Tutorial: Ghost Architecture & Detection Pipeline
This tutorial covers the GhostNet-derived spiking primitives and the object detection pipeline in TALON IR. These primitives power efficient architectures like SU-YOLO for neuromorphic object detection.
What You'll Learn
- SGhostConv — spiking ghost convolution
- GhostBasicBlock1 — stride-2 CSP-ELAN ghost bottleneck (backbone)
- GhostBasicBlock2 — no-stride CSP-ELAN ghost bottleneck (FPN head)

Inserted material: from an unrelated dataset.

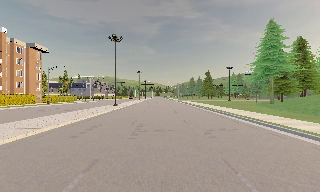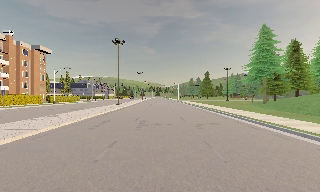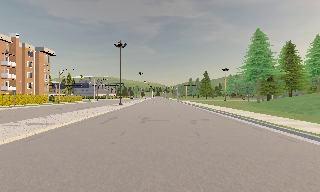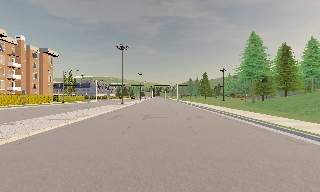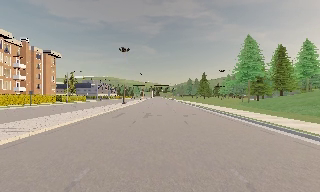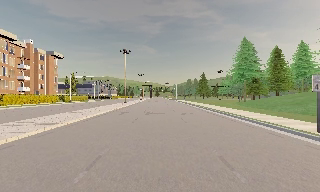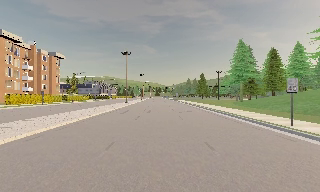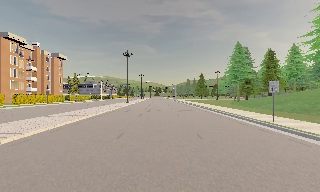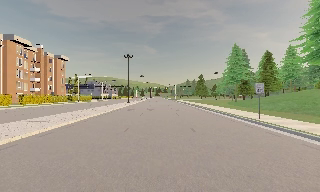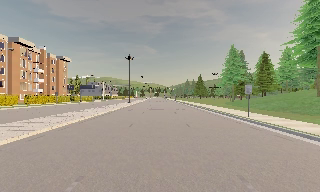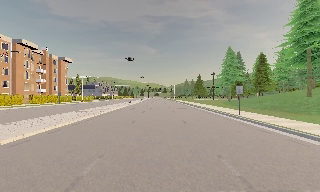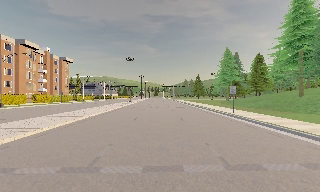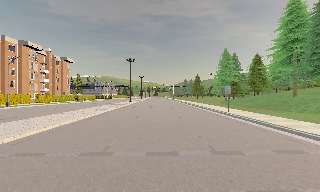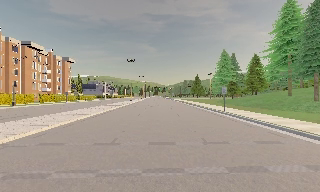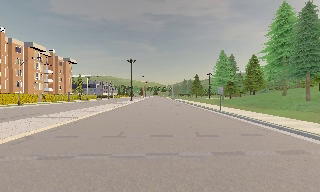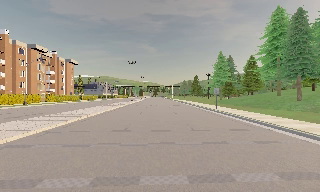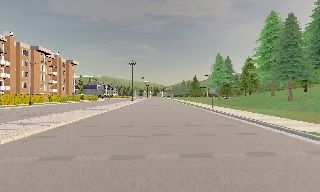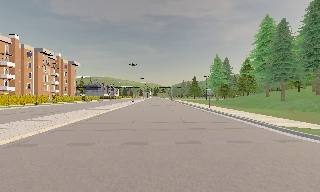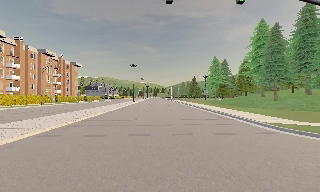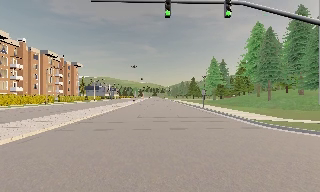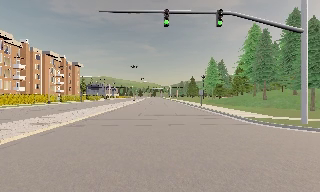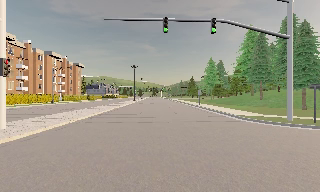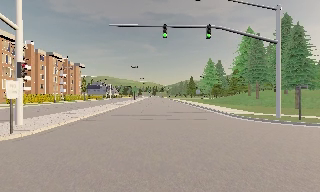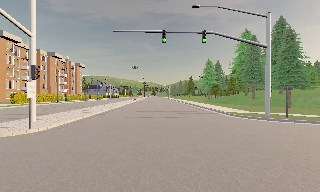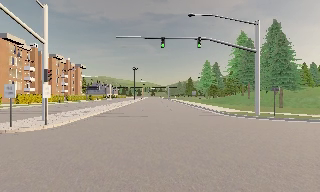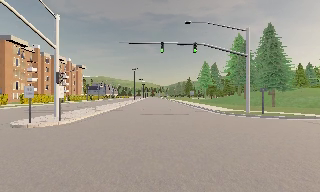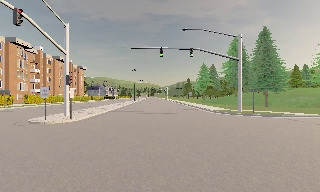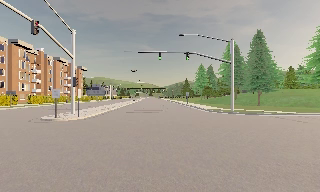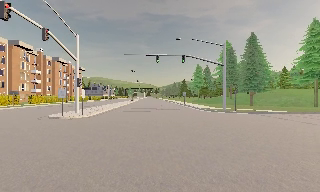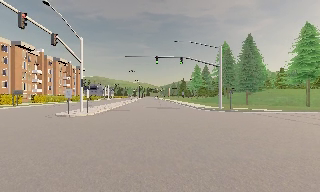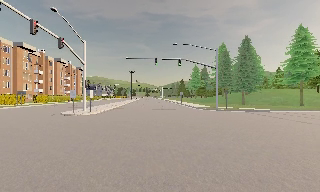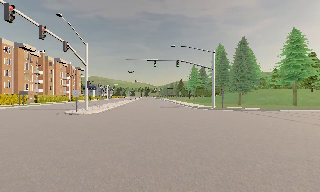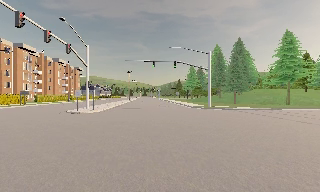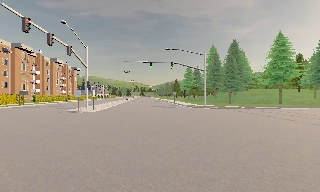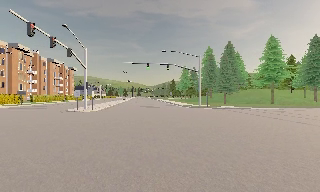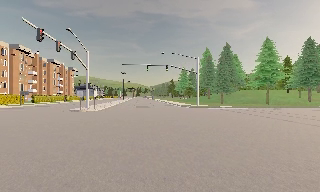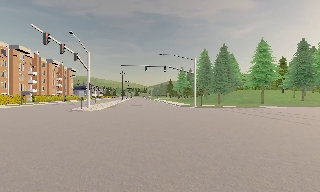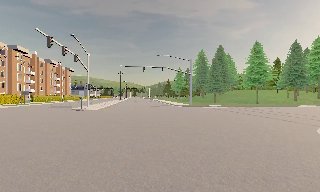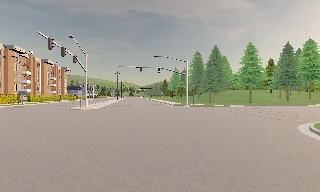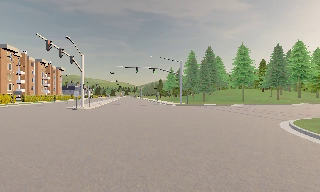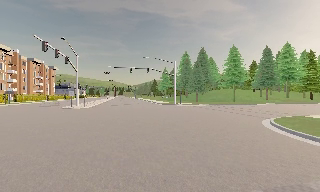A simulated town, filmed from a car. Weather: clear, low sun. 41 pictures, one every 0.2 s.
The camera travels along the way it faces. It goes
backward.
0.0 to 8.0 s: The camera pans to its right, which is clockwise from overhead, by about 15 degrees. It travels backward, about 45 m, so what stands in front gets smaller. It loses speed.
The film runs backward here.

- SGhostEncoderLite — stem encoder (Layer 0)
- ChannelSplit and Concat — channel manipulation
- Detection pipeline: SDDetect → DFLDecode → Dist2BBox → NMS
Prerequisites
pip install t1c-talon
1. SGhostConv
A Spiking Ghost Convolution generates features efficiently by combining a primary 1×1 convolution with a cheap depthwise 3×3 convolution. The output channels are 2 × primary_out_channels (primary features concatenated with ghost features).
import numpy as np
from talon import ir
ghost_conv = ir.SGhostConv(
primary_weight=np.random.randn(16, 8, 1, 1).astype(np.float32) * 0.1,
primary_bias=np.zeros(16, dtype=np.float32),
cheap_weight=np.random.randn(16, 1, 3, 3).astype(np.float32) * 0.1,
cheap_bias=np.zeros(16, dtype=np.float32),
)
print(f"SGhostConv:")
print(f" Primary weight: {ghost_conv.primary_weight.shape}")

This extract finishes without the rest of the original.